A Close Shave: Rick Harrison and The Art of the Safety Razor

Unlike the majority of Hollywood’s new generation of male stars, I shave.

At least, I shave enough so that my face doesn’t resemble a sheet of 40-grit sandpaper.

So I was surprised the other night when a commercial came on with Rick Harrison’s smiling face. For those of you not really into watching much TV, Rick is the star of Pawn Stars, that reality show where people come into his pawn shop and sell their birthrights for pennies on the dollar. What was surprising about the commercial was that it was selling something I used to use all the time but haven’t for the last few years or so.

Safety Razors

A safety razor. Also known as a double-edge razor, or Dad’s razor.
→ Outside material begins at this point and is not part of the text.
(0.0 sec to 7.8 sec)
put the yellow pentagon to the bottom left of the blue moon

Yeah, that’s how old these things are.
The basic form of this razor, “the cutting blade of which is at right angles with the handle, and resembles somewhat the form of a common hoe”, was first set forth in a patent application in 1847 by William S. Henson. This included a “comb tooth guard or protector” which could be attached both to the hoe form and to a conventional straight razor.
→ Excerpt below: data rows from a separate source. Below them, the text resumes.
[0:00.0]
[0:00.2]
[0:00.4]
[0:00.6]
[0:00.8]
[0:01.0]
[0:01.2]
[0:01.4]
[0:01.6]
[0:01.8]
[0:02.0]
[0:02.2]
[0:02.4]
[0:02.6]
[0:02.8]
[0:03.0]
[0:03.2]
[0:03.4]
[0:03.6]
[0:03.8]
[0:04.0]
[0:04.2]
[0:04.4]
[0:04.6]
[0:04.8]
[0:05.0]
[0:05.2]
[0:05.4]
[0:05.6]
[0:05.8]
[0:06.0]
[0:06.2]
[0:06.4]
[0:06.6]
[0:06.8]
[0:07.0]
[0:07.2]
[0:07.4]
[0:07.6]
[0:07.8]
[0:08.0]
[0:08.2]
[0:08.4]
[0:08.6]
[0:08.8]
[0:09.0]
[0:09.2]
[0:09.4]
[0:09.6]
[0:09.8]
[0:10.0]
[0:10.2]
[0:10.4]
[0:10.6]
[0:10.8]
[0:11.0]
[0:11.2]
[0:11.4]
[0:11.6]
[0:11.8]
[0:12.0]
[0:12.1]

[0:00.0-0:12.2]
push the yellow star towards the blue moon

But the point is, these things have been around for over a century in one form or another. They were the razors our grandfathers and fathers most probably used. Of course, today’s men, when they bother to shave at all, are more likely to use one of the new throwaway shavers like the Gillette Mach 21 with those work-of-art 21 blades of titanium offering a shave so close you can actually see UNDER your skin.

So that’s why this commercial was so surprising to me – that someone would have the chutzpah to try to sell these things on TV. But you know what? For the 30+ years I used them they were the best shaves I ever had. I had tried the early models of throwaways, like the first one by Wilkinson in 1970, and they were disappointing to say the least. Of course, they only had a single measly blade, and how good of a job could THAT possibly do? In the case of the safety razor, a pretty damned good one, at least by MY standards.

Antique Safety Razors

I used to be a flea-market addict and an inveterate collector of weird things. One of my earliest finds was a vintage Gillette safety razor, in original box, from 1911. I used that puppy for years without a single problem. Well, maybe one – I always wondered who had used it before me.
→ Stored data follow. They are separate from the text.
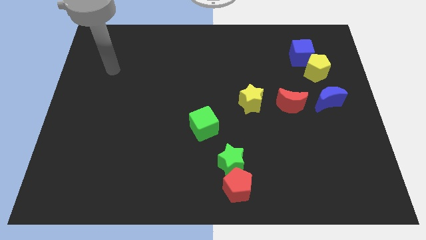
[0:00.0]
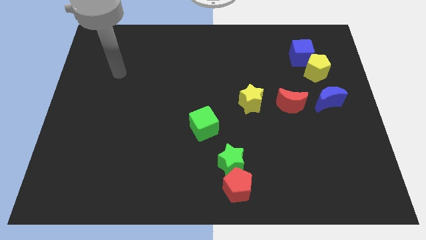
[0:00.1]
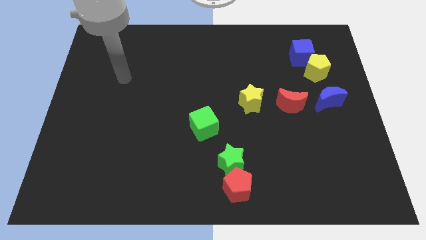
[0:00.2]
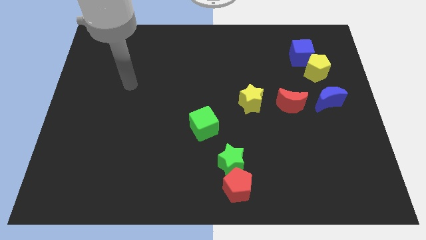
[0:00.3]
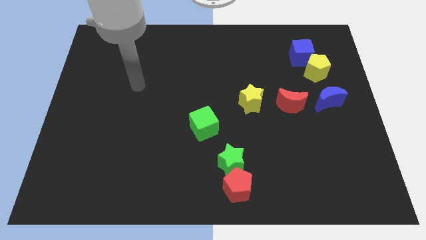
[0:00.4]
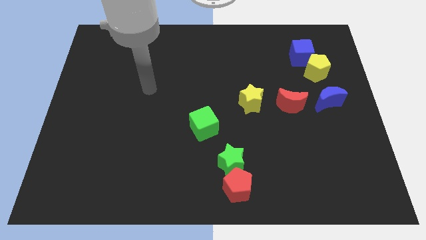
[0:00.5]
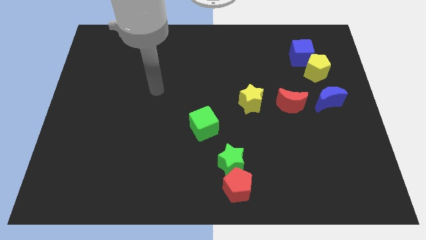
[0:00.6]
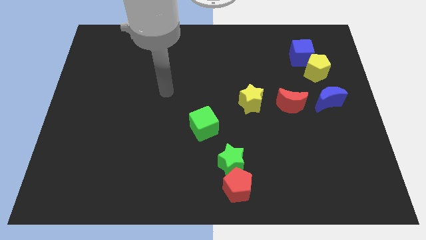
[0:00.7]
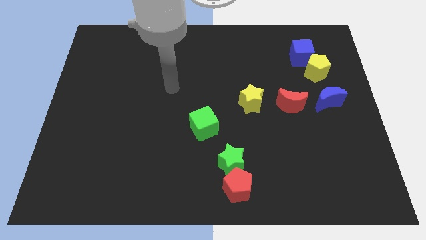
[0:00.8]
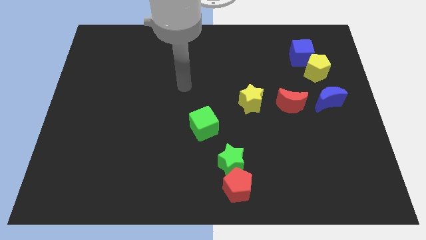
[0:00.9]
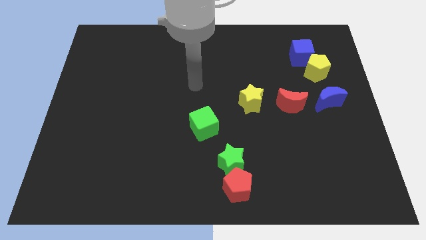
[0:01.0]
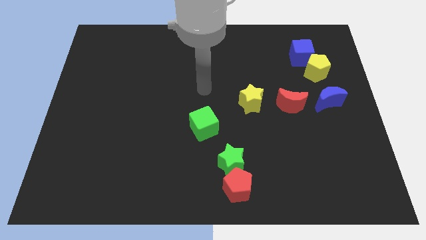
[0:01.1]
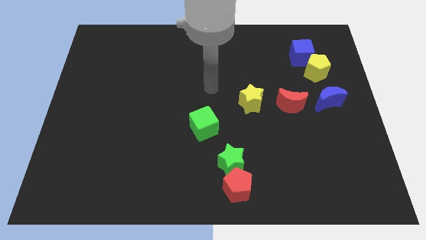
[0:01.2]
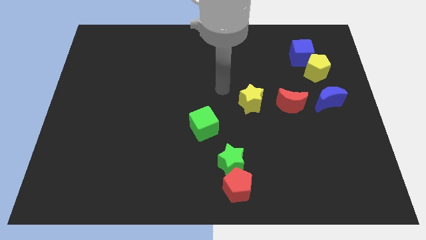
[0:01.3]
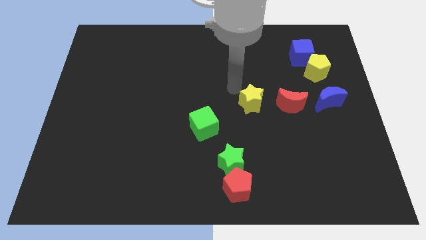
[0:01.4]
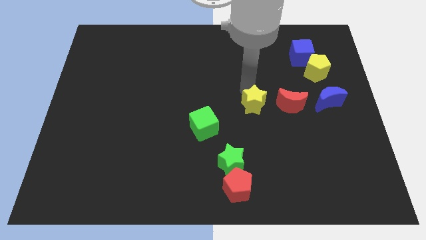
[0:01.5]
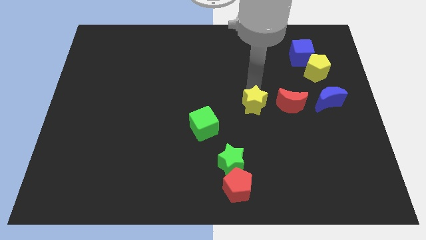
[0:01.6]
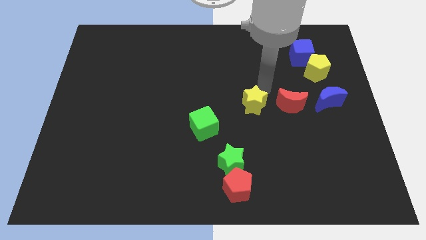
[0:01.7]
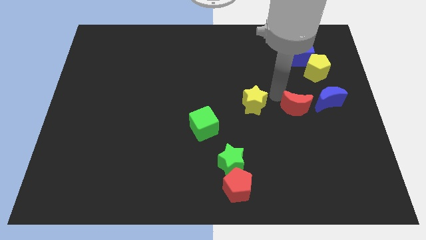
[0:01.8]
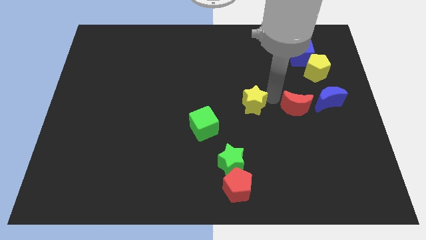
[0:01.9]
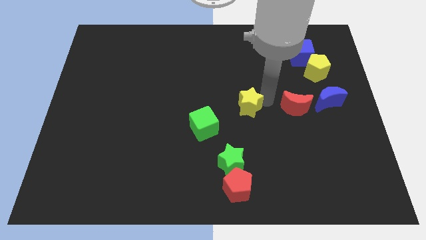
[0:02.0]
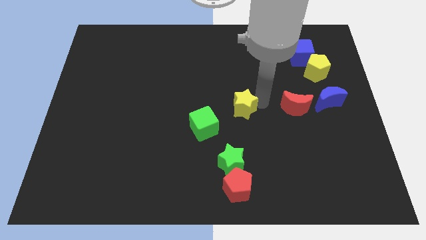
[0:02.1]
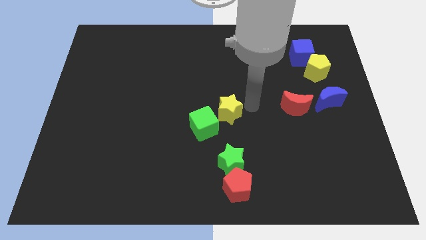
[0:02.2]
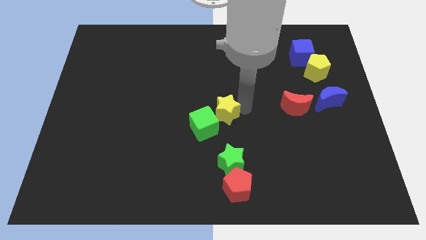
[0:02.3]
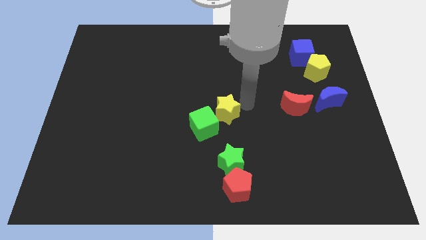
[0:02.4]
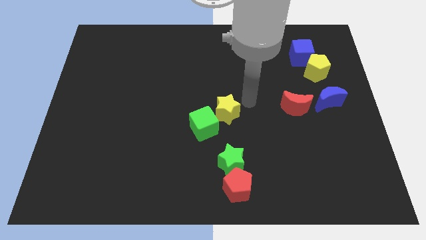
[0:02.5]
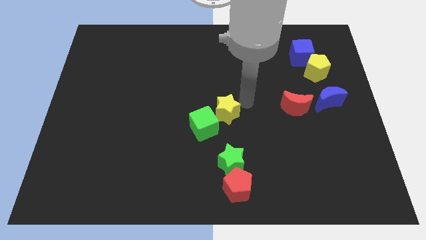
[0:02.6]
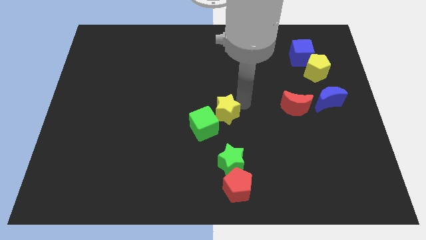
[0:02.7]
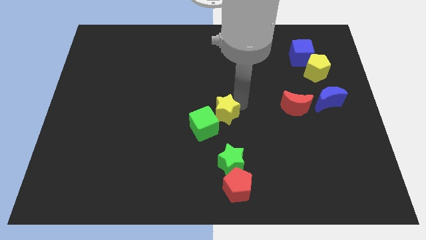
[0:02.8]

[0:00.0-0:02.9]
slide the yellow star close to the green cube

Squeamishness aside, it was as finely-crafted an instrument as you’re likely to find anywhere outside of a Rolex or a Ferrari. Everything fit perfectly and performed flawlessly. The same cannot be said of my current razor, the Gillette Mach 3. Although I believe it to be the best of a bad bunch, it still has several drawbacks: it’s disposable (which goes against my minimalist / re-user nature); the space between the 3 blades quickly fills up with decapitated stubble, which then makes both further shaving and final cleaning a laborious affair; and, worst of all, the actual shave it produces is far inferior to that of the trusty old safety razor.

They’re also God-awful expensive. Sure, the razor itself – basically, the handle – is fairly cheap, but for the refill cartridges you need a bank loan to buy a 3-pack. It’s the same principle that is used by drug dealers to hook their new clients, or the automotive and household appliance industries with their planned obsolescence. These cartridge razor manufacturers KNOW these cartridges won’t last anywhere near as long as an old-fashioned double-edged blade, even though they charge 5x or more for an equal number of them.

It’s marketing hype, plain and simple: “Multiple blades will cut your beard so close, closer than anything you’ve ever experienced, because as the hair is snapping back into place after the first blade passes the second blade is already cutting the hair down. The more blades you have, the closer the shave”.
Bull. If the blade is properly made, with the proper cutting angle and the required sharpness, then ONE blade is all you really need. They’ve never scientifically proven the multi-blade theory simply because they can’t.

So, here’s Rick advertising this latest wonder of modern science – The Micro Touch One Safety Razor. He gives a decent accounting, mentioning how his bald head is shaved clean by this instrument, and sweetens the pot by offering to throw in a couple free blades. Let me have Rick tell you in his own words.

The Catch

So what’s the catch?

Well, it isn’t exorbitantly priced, at least – $19.99 + S&H, which of course is part of the bad news – $7.99 to ship something no bigger than a pack of cigarettes. Then you get the 12 free blades included.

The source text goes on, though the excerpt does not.